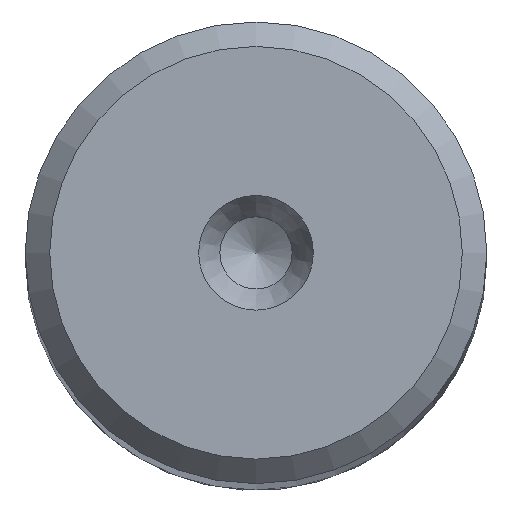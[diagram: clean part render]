
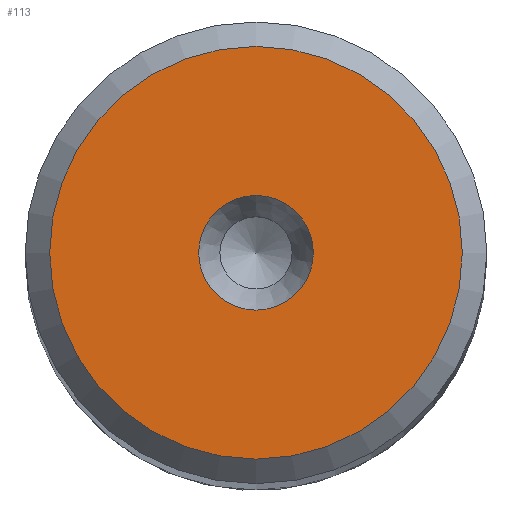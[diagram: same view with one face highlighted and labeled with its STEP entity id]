
A CAD part, top view. The second image highlights one B-rep face of the part: STEP entity #113.
In plain terms, the highlighted planar face has unit normal (0, 0, 1).
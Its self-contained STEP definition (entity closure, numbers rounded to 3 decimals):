
#104=PLANE('',#369);
#113=ADVANCED_FACE('',(#145,#146),#104,.T.);
#145=FACE_BOUND('',#193,.T.);
#146=FACE_BOUND('',#194,.T.);
#193=EDGE_LOOP('',(#241));
#194=EDGE_LOOP('',(#242));
#241=ORIENTED_EDGE('',*,*,#313,.T.);
#242=ORIENTED_EDGE('',*,*,#314,.T.);
#288=VERTEX_POINT('',#513);
#289=VERTEX_POINT('',#515);
#313=EDGE_CURVE('',#288,#288,#337,.T.);
#314=EDGE_CURVE('',#289,#289,#338,.T.);
#337=CIRCLE('',#367,2.5);
#338=CIRCLE('',#368,8.995);
#367=AXIS2_PLACEMENT_3D('',#512,#415,#416);
#368=AXIS2_PLACEMENT_3D('',#514,#417,#418);
#369=AXIS2_PLACEMENT_3D('',#516,#419,#420);
#415=DIRECTION('',(0.,0.,-1.));
#416=DIRECTION('',(0.,-1.,0.));
#417=DIRECTION('',(0.,0.,1.));
#418=DIRECTION('',(0.,1.,0.));
#419=DIRECTION('',(0.,0.,1.));
#420=DIRECTION('',(0.,1.,0.));
#512=CARTESIAN_POINT('',(0.,0.,160.));
#513=CARTESIAN_POINT('',(0.,-2.5,160.));
#514=CARTESIAN_POINT('',(0.,0.,160.));
#515=CARTESIAN_POINT('',(0.,8.995,160.));
#516=CARTESIAN_POINT('',(-9.995,0.,160.));
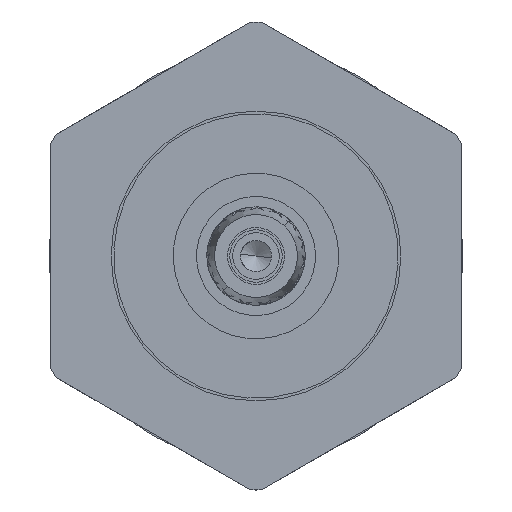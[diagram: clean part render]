
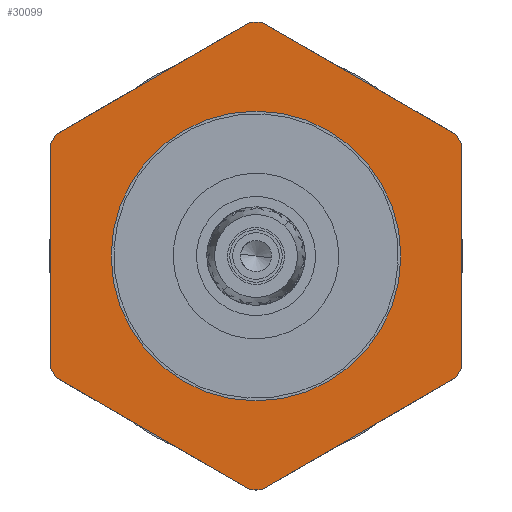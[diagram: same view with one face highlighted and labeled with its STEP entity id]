
A CAD part, left-side view. The second image highlights one B-rep face of the part: STEP entity #30099.
In plain terms, the highlighted planar face has unit normal (-1, 0, 0).
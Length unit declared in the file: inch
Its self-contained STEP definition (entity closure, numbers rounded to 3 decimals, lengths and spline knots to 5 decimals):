
#810 = DIRECTION ( 'NONE',  ( 1., 0., 0. ) ) ;
#1806 = DIRECTION ( 'NONE',  ( 0., 0.5, -0.866 ) ) ;
#2403 = DIRECTION ( 'NONE',  ( 1., 0., 0. ) ) ;
#2565 = AXIS2_PLACEMENT_3D ( 'NONE', #25113, #810, #25623 ) ;
#3620 = ORIENTED_EDGE ( 'NONE', *, *, #20182, .F. ) ;
#3829 = VECTOR ( 'NONE', #27326, 39.37008 ) ;
#5004 = EDGE_CURVE ( 'NONE', #9304, #34717, #32017, .T. ) ;
#5156 = ORIENTED_EDGE ( 'NONE', *, *, #5004, .T. ) ;
#5736 = EDGE_CURVE ( 'NONE', #32648, #13448, #8961, .T. ) ;
#5742 = CARTESIAN_POINT ( 'NONE',  ( 0.37377, 0.00412, -0.17804 ) ) ;
#5889 = CARTESIAN_POINT ( 'NONE',  ( 0.37377, 0.15423, 0.08905 ) ) ;
#6252 = EDGE_LOOP ( 'NONE', ( #22636, #25024, #13781, #31712, #38520, #26482, #33946, #25959, #25466, #5156, #3620, #22642 ) ) ;
#6265 = DIRECTION ( 'NONE',  ( 0., 0.5, -0.866 ) ) ;
#6382 = CARTESIAN_POINT ( 'NONE',  ( 0.37377, 0., 0. ) ) ;
#6980 = EDGE_CURVE ( 'NONE', #35174, #23780, #19127, .T. ) ;
#6989 = DIRECTION ( 'NONE',  ( 0., 0.866, 0.5 ) ) ;
#7109 = EDGE_LOOP ( 'NONE', ( #34767, #19736 ) ) ;
#7182 = EDGE_CURVE ( 'NONE', #8068, #25155, #39408, .T. ) ;
#7320 = CARTESIAN_POINT ( 'NONE',  ( 0.37377, 0.15213, 0.09259 ) ) ;
#7585 = EDGE_CURVE ( 'NONE', #30077, #7625, #12838, .T. ) ;
#7625 = VERTEX_POINT ( 'NONE', #12573 ) ;
#8038 = CARTESIAN_POINT ( 'NONE',  ( 0.37377, 0.05512, -0.09547 ) ) ;
#8068 = VERTEX_POINT ( 'NONE', #16165 ) ;
#8087 = CARTESIAN_POINT ( 'NONE',  ( 0.37377, -0.00101, -0.17984 ) ) ;
#8451 = CARTESIAN_POINT ( 'NONE',  ( 0.37377, 0.23236, -0.04627 ) ) ;
#8961 = LINE ( 'NONE', #37973, #33706 ) ;
#9266 = AXIS2_PLACEMENT_3D ( 'NONE', #28876, #10056, #31704 ) ;
#9304 = VERTEX_POINT ( 'NONE', #32523 ) ;
#9686 = CIRCLE ( 'NONE', #9266, 0.17809 ) ;
#9811 = CARTESIAN_POINT ( 'NONE',  ( 0.37377, 0., 0. ) ) ;
#10056 = DIRECTION ( 'NONE',  ( 1., 0., 0. ) ) ;
#10901 = CARTESIAN_POINT ( 'NONE',  ( 0.37377, 0., 0. ) ) ;
#11553 = EDGE_CURVE ( 'NONE', #9304, #23780, #13149, .T. ) ;
#11690 = LINE ( 'NONE', #8451, #3829 ) ;
#11814 = CARTESIAN_POINT ( 'NONE',  ( 0.37377, -0.15625, 0.08905 ) ) ;
#12217 = CARTESIAN_POINT ( 'NONE',  ( 0.37377, 0.15625, 0.08905 ) ) ;
#12573 = CARTESIAN_POINT ( 'NONE',  ( 0.37377, -0.05512, 0.09547 ) ) ;
#12616 = CIRCLE ( 'NONE', #2565, 0.11024 ) ;
#12750 = DIRECTION ( 'NONE',  ( 0., 0.5, -0.866 ) ) ;
#12838 = CIRCLE ( 'NONE', #33905, 0.11024 ) ;
#12997 = CARTESIAN_POINT ( 'NONE',  ( 0.37377, 0.15524, 0.09079 ) ) ;
#13149 = CIRCLE ( 'NONE', #17497, 0.17809 ) ;
#13191 = EDGE_CURVE ( 'NONE', #21226, #29461, #32961, .T. ) ;
#13448 = VERTEX_POINT ( 'NONE', #24850 ) ;
#13781 = ORIENTED_EDGE ( 'NONE', *, *, #15792, .F. ) ;
#13839 = EDGE_CURVE ( 'NONE', #21226, #13448, #9686, .T. ) ;
#15437 = DIRECTION ( 'NONE',  ( 0., 0.5, -0.866 ) ) ;
#15792 = EDGE_CURVE ( 'NONE', #8068, #29461, #18834, .T. ) ;
#16165 = CARTESIAN_POINT ( 'NONE',  ( 0.37377, 0.15625, 0.08545 ) ) ;
#16596 = AXIS2_PLACEMENT_3D ( 'NONE', #10901, #35502, #1806 ) ;
#16645 = AXIS2_PLACEMENT_3D ( 'NONE', #21662, #30865, #12750 ) ;
#17173 = EDGE_CURVE ( 'NONE', #34605, #25155, #18334, .T. ) ;
#17497 = AXIS2_PLACEMENT_3D ( 'NONE', #20573, #2403, #27212 ) ;
#18169 = VECTOR ( 'NONE', #38557, 39.37008 ) ;
#18334 = CIRCLE ( 'NONE', #28070, 0.17809 ) ;
#18834 = CIRCLE ( 'NONE', #16645, 0.17809 ) ;
#19127 = LINE ( 'NONE', #8087, #18169 ) ;
#19243 = FACE_BOUND ( 'NONE', #7109, .T. ) ;
#19736 = ORIENTED_EDGE ( 'NONE', *, *, #26443, .T. ) ;
#19841 = CARTESIAN_POINT ( 'NONE',  ( 0.37377, -0.15213, -0.09259 ) ) ;
#20182 = EDGE_CURVE ( 'NONE', #32648, #34717, #30750, .T. ) ;
#20573 = CARTESIAN_POINT ( 'NONE',  ( 0.37377, 0., 0. ) ) ;
#21226 = VERTEX_POINT ( 'NONE', #29474 ) ;
#21398 = PLANE ( 'NONE',  #33904 ) ;
#21662 = CARTESIAN_POINT ( 'NONE',  ( 0.37377, 0., 0. ) ) ;
#22481 = CARTESIAN_POINT ( 'NONE',  ( 0.37377, -0.00412, -0.17804 ) ) ;
#22636 = ORIENTED_EDGE ( 'NONE', *, *, #13839, .F. ) ;
#22642 = ORIENTED_EDGE ( 'NONE', *, *, #5736, .T. ) ;
#22824 = VECTOR ( 'NONE', #25691, 39.37008 ) ;
#23780 = VERTEX_POINT ( 'NONE', #19841 ) ;
#24850 = CARTESIAN_POINT ( 'NONE',  ( 0.37377, -0.00412, 0.17804 ) ) ;
#25024 = ORIENTED_EDGE ( 'NONE', *, *, #13191, .T. ) ;
#25113 = CARTESIAN_POINT ( 'NONE',  ( 0.37377, 0., 0. ) ) ;
#25155 = VERTEX_POINT ( 'NONE', #39530 ) ;
#25466 = ORIENTED_EDGE ( 'NONE', *, *, #11553, .F. ) ;
#25525 = CARTESIAN_POINT ( 'NONE',  ( 0.37377, 0.15213, -0.09259 ) ) ;
#25623 = DIRECTION ( 'NONE',  ( 0., 0.5, -0.866 ) ) ;
#25691 = DIRECTION ( 'NONE',  ( 0., 0.866, -0.5 ) ) ;
#25759 = EDGE_CURVE ( 'NONE', #34605, #39818, #11690, .T. ) ;
#25959 = ORIENTED_EDGE ( 'NONE', *, *, #6980, .T. ) ;
#26443 = EDGE_CURVE ( 'NONE', #7625, #30077, #12616, .T. ) ;
#26482 = ORIENTED_EDGE ( 'NONE', *, *, #25759, .T. ) ;
#27212 = DIRECTION ( 'NONE',  ( 0., 0.5, -0.866 ) ) ;
#27326 = DIRECTION ( 'NONE',  ( 0., -0.866, -0.5 ) ) ;
#28070 = AXIS2_PLACEMENT_3D ( 'NONE', #9811, #34475, #31611 ) ;
#28106 = DIRECTION ( 'NONE',  ( 1., 0., 0. ) ) ;
#28154 = VECTOR ( 'NONE', #30454, 39.37008 ) ;
#28876 = CARTESIAN_POINT ( 'NONE',  ( 0.37377, 0., 0. ) ) ;
#29264 = AXIS2_PLACEMENT_3D ( 'NONE', #29287, #32112, #35096 ) ;
#29287 = CARTESIAN_POINT ( 'NONE',  ( 0.37377, 0., 0. ) ) ;
#29461 = VERTEX_POINT ( 'NONE', #7320 ) ;
#29474 = CARTESIAN_POINT ( 'NONE',  ( 0.37377, 0.00412, 0.17804 ) ) ;
#30077 = VERTEX_POINT ( 'NONE', #8038 ) ;
#30099 = ADVANCED_FACE ( 'NONE', ( #35652, #19243 ), #21398, .F. ) ;
#30454 = DIRECTION ( 'NONE',  ( 0., 0., 1. ) ) ;
#30461 = DIRECTION ( 'NONE',  ( 0., 0., -1. ) ) ;
#30750 = CIRCLE ( 'NONE', #16596, 0.17809 ) ;
#30833 = DIRECTION ( 'NONE',  ( 1., 0., 0. ) ) ;
#30865 = DIRECTION ( 'NONE',  ( 1., 0., 0. ) ) ;
#31209 = EDGE_CURVE ( 'NONE', #35174, #39818, #34252, .T. ) ;
#31611 = DIRECTION ( 'NONE',  ( 0., 0.5, -0.866 ) ) ;
#31704 = DIRECTION ( 'NONE',  ( 0., 0.5, -0.866 ) ) ;
#31712 = ORIENTED_EDGE ( 'NONE', *, *, #7182, .T. ) ;
#32017 = LINE ( 'NONE', #11814, #28154 ) ;
#32112 = DIRECTION ( 'NONE',  ( 1., 0., 0. ) ) ;
#32523 = CARTESIAN_POINT ( 'NONE',  ( 0.37377, -0.15625, -0.08545 ) ) ;
#32648 = VERTEX_POINT ( 'NONE', #36923 ) ;
#32961 = LINE ( 'NONE', #12997, #22824 ) ;
#33706 = VECTOR ( 'NONE', #6989, 39.37008 ) ;
#33904 = AXIS2_PLACEMENT_3D ( 'NONE', #5889, #30833, #15437 ) ;
#33905 = AXIS2_PLACEMENT_3D ( 'NONE', #6382, #28106, #6265 ) ;
#33946 = ORIENTED_EDGE ( 'NONE', *, *, #31209, .F. ) ;
#34252 = CIRCLE ( 'NONE', #29264, 0.17809 ) ;
#34475 = DIRECTION ( 'NONE',  ( 1., 0., 0. ) ) ;
#34605 = VERTEX_POINT ( 'NONE', #25525 ) ;
#34717 = VERTEX_POINT ( 'NONE', #35917 ) ;
#34767 = ORIENTED_EDGE ( 'NONE', *, *, #7585, .T. ) ;
#35096 = DIRECTION ( 'NONE',  ( 0., 0.5, -0.866 ) ) ;
#35174 = VERTEX_POINT ( 'NONE', #22481 ) ;
#35502 = DIRECTION ( 'NONE',  ( 1., 0., 0. ) ) ;
#35652 = FACE_OUTER_BOUND ( 'NONE', #6252, .T. ) ;
#35917 = CARTESIAN_POINT ( 'NONE',  ( 0.37377, -0.15625, 0.08545 ) ) ;
#36923 = CARTESIAN_POINT ( 'NONE',  ( 0.37377, -0.15213, 0.09259 ) ) ;
#37973 = CARTESIAN_POINT ( 'NONE',  ( 0.37377, 0.07611, 0.22436 ) ) ;
#38520 = ORIENTED_EDGE ( 'NONE', *, *, #17173, .F. ) ;
#38557 = DIRECTION ( 'NONE',  ( 0., -0.866, 0.5 ) ) ;
#38901 = VECTOR ( 'NONE', #30461, 39.37008 ) ;
#39408 = LINE ( 'NONE', #12217, #38901 ) ;
#39530 = CARTESIAN_POINT ( 'NONE',  ( 0.37377, 0.15625, -0.08545 ) ) ;
#39818 = VERTEX_POINT ( 'NONE', #5742 ) ;

□ □ □ □ □

WHAT THE EXERCISE ASKS: Within the material above, the line with "#9686 = CIRCLE ( 'NONE', #9266, 0.17809 ) ;" opens the range and the line with "#13448 = VERTEX_POINT ( 'NONE', #24850 ) ;" closes it; reproduce that range word for word.

THE COMPLETED TASK:
#9686 = CIRCLE ( 'NONE', #9266, 0.17809 ) ;
#9811 = CARTESIAN_POINT ( 'NONE',  ( 0.37377, 0., 0. ) ) ;
#10056 = DIRECTION ( 'NONE',  ( 1., 0., 0. ) ) ;
#10901 = CARTESIAN_POINT ( 'NONE',  ( 0.37377, 0., 0. ) ) ;
#11553 = EDGE_CURVE ( 'NONE', #9304, #23780, #13149, .T. ) ;
#11690 = LINE ( 'NONE', #8451, #3829 ) ;
#11814 = CARTESIAN_POINT ( 'NONE',  ( 0.37377, -0.15625, 0.08905 ) ) ;
#12217 = CARTESIAN_POINT ( 'NONE',  ( 0.37377, 0.15625, 0.08905 ) ) ;
#12573 = CARTESIAN_POINT ( 'NONE',  ( 0.37377, -0.05512, 0.09547 ) ) ;
#12616 = CIRCLE ( 'NONE', #2565, 0.11024 ) ;
#12750 = DIRECTION ( 'NONE',  ( 0., 0.5, -0.866 ) ) ;
#12838 = CIRCLE ( 'NONE', #33905, 0.11024 ) ;
#12997 = CARTESIAN_POINT ( 'NONE',  ( 0.37377, 0.15524, 0.09079 ) ) ;
#13149 = CIRCLE ( 'NONE', #17497, 0.17809 ) ;
#13191 = EDGE_CURVE ( 'NONE', #21226, #29461, #32961, .T. ) ;
#13448 = VERTEX_POINT ( 'NONE', #24850 ) ;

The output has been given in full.